It would be nice to check whether there are no mistakes in our calculations. We will create a new Series 'check' where we sum all values from the 'prep', 'cook' and 'additional' columns of df_time to compare with the 'total' column. However, we cannot use pandas equals() method straight away. Comparison of the NaN values equals to False and therefore before we need to fill all cells containing NaN's with 0 first.

In [24]:
df_time.fillna(0, inplace = True)

calc_verification = df_time.loc[:, 'prep':'additional'].sum(axis = 1, skipna = True)

df_time['total'].equals(calc_verification)

False

So the Series are not equal. We must have made a mistake somewhere. In order to determine which rows of df_time['total'] and calc_verification do not match, we will create a numpy array - diff, where depending on whether value in the row is the same or not we will fill it with 1 and 0 respectively. Next, we will extract only records where the values don't match by indexing df_time with the diff array.

In [25]:
diff = np.where( df_time['total'] == calc_verification , 1, 0)

df_time[diff == 0]

Unnamed: 0,prep,cook,additional,total
159,20.0,10.0,3600.0,3600.0
288,20.0,10.0,3600.0,3600.0
818,10.0,15.0,10800.0,10800.0
844,5.0,0.0,7200.0,7200.0


So the problematic records are in rows 159, 288, 818 and 844. It seems that whenever days were used as a measurement of time, the 'prep' and 'cook' weree not added in the 'total' column's value. It seems that we haven't made a mistake after all but there were some inconsistancies (or rather simplifications) in the original data. We could leave it as it is bus since there are only 4 records that are not matching, we can amend those values manually.

In [26]:
df_time.at[159, 'total'] = 3630.00
df_time.at[288, 'total'] = 3630.00
df_time.at[818, 'total'] = 10825.00
df_time.at[844, 'total'] = 7205.00

Let's once again check whether all the values are the same.

In [27]:
df_time['total'].equals(calc_verification)

True

Great! Looks like it worked all right. Now we should substitute the columns in the original dataframe - allrecipes_df with whe columns from df_time.

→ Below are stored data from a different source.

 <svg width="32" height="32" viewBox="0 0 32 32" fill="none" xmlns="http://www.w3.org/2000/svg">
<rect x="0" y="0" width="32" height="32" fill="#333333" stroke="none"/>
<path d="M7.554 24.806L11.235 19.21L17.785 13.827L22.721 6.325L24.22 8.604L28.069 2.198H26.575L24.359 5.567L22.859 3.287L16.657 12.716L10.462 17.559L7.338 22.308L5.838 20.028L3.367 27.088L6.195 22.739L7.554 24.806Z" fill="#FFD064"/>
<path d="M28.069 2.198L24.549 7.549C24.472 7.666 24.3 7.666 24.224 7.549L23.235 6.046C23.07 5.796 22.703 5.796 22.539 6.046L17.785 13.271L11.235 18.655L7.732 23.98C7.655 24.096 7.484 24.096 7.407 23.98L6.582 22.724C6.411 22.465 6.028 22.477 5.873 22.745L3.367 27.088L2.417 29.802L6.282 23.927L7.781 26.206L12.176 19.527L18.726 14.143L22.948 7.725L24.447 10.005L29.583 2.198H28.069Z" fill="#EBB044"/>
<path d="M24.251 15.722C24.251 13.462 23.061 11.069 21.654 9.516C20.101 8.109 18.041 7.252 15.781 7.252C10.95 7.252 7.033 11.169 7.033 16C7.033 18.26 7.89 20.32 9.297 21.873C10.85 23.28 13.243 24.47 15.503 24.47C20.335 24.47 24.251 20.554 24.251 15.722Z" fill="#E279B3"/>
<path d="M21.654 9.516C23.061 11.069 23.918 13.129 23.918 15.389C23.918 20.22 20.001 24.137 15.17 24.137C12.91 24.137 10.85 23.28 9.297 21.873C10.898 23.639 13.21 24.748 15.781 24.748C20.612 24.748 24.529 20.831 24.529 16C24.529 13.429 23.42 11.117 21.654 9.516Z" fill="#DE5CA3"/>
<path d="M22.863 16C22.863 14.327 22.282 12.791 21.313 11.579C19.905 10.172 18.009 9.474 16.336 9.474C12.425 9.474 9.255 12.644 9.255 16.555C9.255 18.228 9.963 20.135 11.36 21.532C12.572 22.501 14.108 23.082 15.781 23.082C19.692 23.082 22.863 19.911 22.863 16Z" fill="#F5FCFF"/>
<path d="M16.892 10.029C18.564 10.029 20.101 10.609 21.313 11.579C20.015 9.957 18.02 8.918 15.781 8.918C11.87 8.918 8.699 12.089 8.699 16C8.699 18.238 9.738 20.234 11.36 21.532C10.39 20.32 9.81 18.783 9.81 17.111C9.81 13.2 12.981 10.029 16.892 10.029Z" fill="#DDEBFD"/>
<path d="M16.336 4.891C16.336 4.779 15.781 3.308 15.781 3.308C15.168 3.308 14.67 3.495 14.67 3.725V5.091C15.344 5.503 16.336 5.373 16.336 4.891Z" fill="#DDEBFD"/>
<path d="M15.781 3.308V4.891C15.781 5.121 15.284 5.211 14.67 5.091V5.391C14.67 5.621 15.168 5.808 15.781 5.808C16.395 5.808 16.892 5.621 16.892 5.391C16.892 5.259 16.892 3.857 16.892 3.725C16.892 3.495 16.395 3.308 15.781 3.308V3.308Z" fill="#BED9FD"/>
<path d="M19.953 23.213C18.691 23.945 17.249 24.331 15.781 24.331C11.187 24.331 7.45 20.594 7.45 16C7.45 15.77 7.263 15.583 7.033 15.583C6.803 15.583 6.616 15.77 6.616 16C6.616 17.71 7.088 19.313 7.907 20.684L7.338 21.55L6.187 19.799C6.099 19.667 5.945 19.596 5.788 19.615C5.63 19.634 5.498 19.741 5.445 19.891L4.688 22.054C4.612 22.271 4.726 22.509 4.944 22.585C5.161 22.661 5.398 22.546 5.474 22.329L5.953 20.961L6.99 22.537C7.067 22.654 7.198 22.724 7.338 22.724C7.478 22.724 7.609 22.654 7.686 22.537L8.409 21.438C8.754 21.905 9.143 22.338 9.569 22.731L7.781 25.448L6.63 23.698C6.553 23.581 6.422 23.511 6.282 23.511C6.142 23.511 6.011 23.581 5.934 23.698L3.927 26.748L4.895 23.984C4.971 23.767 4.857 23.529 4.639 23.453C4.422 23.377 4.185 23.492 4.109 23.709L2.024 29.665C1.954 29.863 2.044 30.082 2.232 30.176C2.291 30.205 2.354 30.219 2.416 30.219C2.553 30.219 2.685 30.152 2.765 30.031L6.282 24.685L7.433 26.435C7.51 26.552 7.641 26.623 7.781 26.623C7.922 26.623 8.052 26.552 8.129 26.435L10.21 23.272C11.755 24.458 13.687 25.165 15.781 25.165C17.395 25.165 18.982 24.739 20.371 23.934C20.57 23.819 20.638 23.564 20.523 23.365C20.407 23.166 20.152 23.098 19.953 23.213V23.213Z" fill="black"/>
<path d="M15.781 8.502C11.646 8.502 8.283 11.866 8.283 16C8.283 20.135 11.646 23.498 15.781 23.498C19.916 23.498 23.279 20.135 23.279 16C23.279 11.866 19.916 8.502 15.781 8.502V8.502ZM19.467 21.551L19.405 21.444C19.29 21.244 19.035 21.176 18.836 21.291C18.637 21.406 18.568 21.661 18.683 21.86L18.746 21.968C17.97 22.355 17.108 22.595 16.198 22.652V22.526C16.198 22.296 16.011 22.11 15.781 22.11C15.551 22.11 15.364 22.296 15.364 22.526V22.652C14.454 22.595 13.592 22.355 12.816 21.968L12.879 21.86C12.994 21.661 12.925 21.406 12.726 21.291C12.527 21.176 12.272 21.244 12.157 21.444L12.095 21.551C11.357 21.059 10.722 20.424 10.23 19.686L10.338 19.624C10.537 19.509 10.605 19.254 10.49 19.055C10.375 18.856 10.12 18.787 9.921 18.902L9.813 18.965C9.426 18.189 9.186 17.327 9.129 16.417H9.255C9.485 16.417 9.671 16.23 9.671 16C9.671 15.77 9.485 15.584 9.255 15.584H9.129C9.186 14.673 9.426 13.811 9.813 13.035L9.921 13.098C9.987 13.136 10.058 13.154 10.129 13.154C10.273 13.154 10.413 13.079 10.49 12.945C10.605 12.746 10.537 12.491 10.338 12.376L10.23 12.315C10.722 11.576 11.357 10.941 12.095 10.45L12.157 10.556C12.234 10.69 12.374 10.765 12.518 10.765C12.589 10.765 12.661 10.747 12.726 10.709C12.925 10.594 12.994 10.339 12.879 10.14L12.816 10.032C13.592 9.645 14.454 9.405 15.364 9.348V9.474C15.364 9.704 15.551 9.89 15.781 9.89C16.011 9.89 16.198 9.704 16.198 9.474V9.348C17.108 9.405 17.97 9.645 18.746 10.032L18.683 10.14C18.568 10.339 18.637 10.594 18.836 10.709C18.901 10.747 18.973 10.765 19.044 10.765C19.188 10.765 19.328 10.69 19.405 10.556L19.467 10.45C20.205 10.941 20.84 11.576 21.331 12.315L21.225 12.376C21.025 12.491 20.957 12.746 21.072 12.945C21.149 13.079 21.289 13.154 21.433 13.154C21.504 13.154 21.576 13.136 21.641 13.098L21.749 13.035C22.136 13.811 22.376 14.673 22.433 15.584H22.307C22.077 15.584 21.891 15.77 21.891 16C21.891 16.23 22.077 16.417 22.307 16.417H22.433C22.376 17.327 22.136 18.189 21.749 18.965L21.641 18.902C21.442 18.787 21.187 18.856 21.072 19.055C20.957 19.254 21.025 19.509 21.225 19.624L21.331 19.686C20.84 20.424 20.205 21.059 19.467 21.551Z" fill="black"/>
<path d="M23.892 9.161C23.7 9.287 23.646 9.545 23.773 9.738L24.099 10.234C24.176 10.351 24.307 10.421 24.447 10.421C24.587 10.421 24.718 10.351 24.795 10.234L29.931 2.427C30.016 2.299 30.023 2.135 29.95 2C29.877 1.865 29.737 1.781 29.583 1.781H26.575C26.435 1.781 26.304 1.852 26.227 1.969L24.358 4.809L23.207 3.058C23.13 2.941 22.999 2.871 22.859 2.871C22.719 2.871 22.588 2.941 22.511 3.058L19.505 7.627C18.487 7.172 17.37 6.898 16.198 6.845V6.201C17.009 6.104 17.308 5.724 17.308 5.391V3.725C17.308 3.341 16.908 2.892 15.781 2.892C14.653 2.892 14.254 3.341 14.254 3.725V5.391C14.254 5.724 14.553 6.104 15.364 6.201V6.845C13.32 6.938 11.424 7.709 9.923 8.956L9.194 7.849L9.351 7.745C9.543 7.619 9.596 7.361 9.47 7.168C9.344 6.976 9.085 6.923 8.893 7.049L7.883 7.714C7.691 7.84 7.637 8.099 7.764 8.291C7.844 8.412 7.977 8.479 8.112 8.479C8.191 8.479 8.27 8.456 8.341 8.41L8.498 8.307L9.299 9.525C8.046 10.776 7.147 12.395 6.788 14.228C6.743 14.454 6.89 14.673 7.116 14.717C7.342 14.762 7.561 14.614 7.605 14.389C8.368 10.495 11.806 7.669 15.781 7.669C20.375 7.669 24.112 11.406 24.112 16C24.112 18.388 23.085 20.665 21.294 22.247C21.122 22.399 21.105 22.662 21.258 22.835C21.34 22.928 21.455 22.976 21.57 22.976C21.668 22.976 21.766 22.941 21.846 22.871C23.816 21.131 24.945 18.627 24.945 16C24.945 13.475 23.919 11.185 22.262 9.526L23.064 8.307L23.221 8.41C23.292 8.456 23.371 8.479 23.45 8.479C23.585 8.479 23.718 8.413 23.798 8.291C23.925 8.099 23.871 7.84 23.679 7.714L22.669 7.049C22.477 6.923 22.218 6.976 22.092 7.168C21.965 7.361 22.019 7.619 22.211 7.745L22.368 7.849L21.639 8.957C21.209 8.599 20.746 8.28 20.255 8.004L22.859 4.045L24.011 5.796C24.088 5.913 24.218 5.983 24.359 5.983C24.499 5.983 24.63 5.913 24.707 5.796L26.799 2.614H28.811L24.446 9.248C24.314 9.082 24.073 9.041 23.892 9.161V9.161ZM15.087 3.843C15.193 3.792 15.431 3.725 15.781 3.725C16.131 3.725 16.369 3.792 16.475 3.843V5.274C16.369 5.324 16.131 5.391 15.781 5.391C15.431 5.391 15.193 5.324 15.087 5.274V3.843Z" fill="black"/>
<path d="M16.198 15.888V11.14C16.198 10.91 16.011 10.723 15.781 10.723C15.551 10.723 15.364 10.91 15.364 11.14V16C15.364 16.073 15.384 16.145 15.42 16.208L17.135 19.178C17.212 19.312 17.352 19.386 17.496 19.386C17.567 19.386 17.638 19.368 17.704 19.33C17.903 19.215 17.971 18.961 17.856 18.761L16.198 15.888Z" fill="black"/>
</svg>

But first let's convert all 0 back to np.nan so that there are no inaccuracies in the future.

In [28]:
df_time.replace(0, np.nan, inplace=True)

allrecipes_df.loc[:, 'prep':'total'] = df_time

We can see how our data looks like now.

In [29]:
allrecipes_df.head()

Unnamed: 0,name,prep,cook,additional,total,servings,yield,5 stars,4 stars,3 stars,...,ingrediences,recipe_score,number_of_reviews,calories,protein [g],carbohydrates [g],fat [g],cholesterol [mg],sodium [mg],calories_per_serving
1,Juicy Roasted Chicken,10.0,75.0,15.0,100.0,6,6 servings,3179.0,538.0,147.0,...,"1 (3 pound) whole chicken, giblets removed,sal...",4.711358,3953.0,423.0,30.9,1.2,32.1,97.0,661.9,71.0
2,Microwave Corn on the Cob,,5.0,,5.0,1,1 serving,382.0,102.0,29.0,...,"1 ear corn, husked and cleaned",4.620229,524.0,123.0,4.6,27.2,1.7,,21.5,123.0
3,French Toast I,5.0,15.0,,20.0,3,6 slices french toast,1337.0,473.0,87.0,...,"6 thick slices bread,2 eggs,⅔ cup milk,¼ teas...",4.562596,1957.0,240.0,10.6,33.6,6.4,128.3,477.7,80.0
4,The Best Banana Pudding,25.0,,,25.0,20,20 servings,830.0,117.0,30.0,...,1 (5 ounce) package instant vanilla pudding mi...,4.71996,1007.0,329.0,4.2,56.9,9.6,8.6,205.2,17.0
5,Simple Macaroni and Cheese,10.0,20.0,,30.0,4,4 servings,545.0,188.0,51.0,...,"1 (8 ounce) box elbow macaroni,¼ cup butter,¼ ...",4.414982,841.0,630.0,26.5,55.0,33.6,99.6,777.0,158.0


By now we have worked a bit with the data and got to know it better. There is no doubt that we could get some insights based on this data only. However, in order to ilustrate how it could be enriched eveen further I decided to compile a list of herbs from an external source - Encyclopedia Britannica. In the following steps we will create a number of columns (one per herb) that indicate whether particular herb exists in a recipe. Those steps could be used with virtually all categories of ingrediences but in this case I've decided to limit analysis to herbs only. Let's beegin with importing the list of herbs from an external file and first. We can make some basic formatting on the wat as well.

In [30]:
with open('herbs_britannica.txt', 'r') as file:
    file_content = file.read()
    herbs = file_content.split('\n')
    herbs = [item.lower().strip() for item in herbs]
    herbs = list(set(herbs))
    herbs.remove('')

We have some well-formatted herbs list now. We can create a function that checks whether herb is listed in the ingrediences column in our Dataframe. Depending on whether it exist, the function will assign value 1 (representing existance of a herb) or 0 (if it doesn't exist) in the newly created herb column.

In [31]:
def create_ingredient_column(ingredient_name):
    ingredient = str(ingredient_name)
    allrecipes_df[ingredient] = np.where(allrecipes_df['ingrediences'].str.find(ingredient) != -1, 1, 0)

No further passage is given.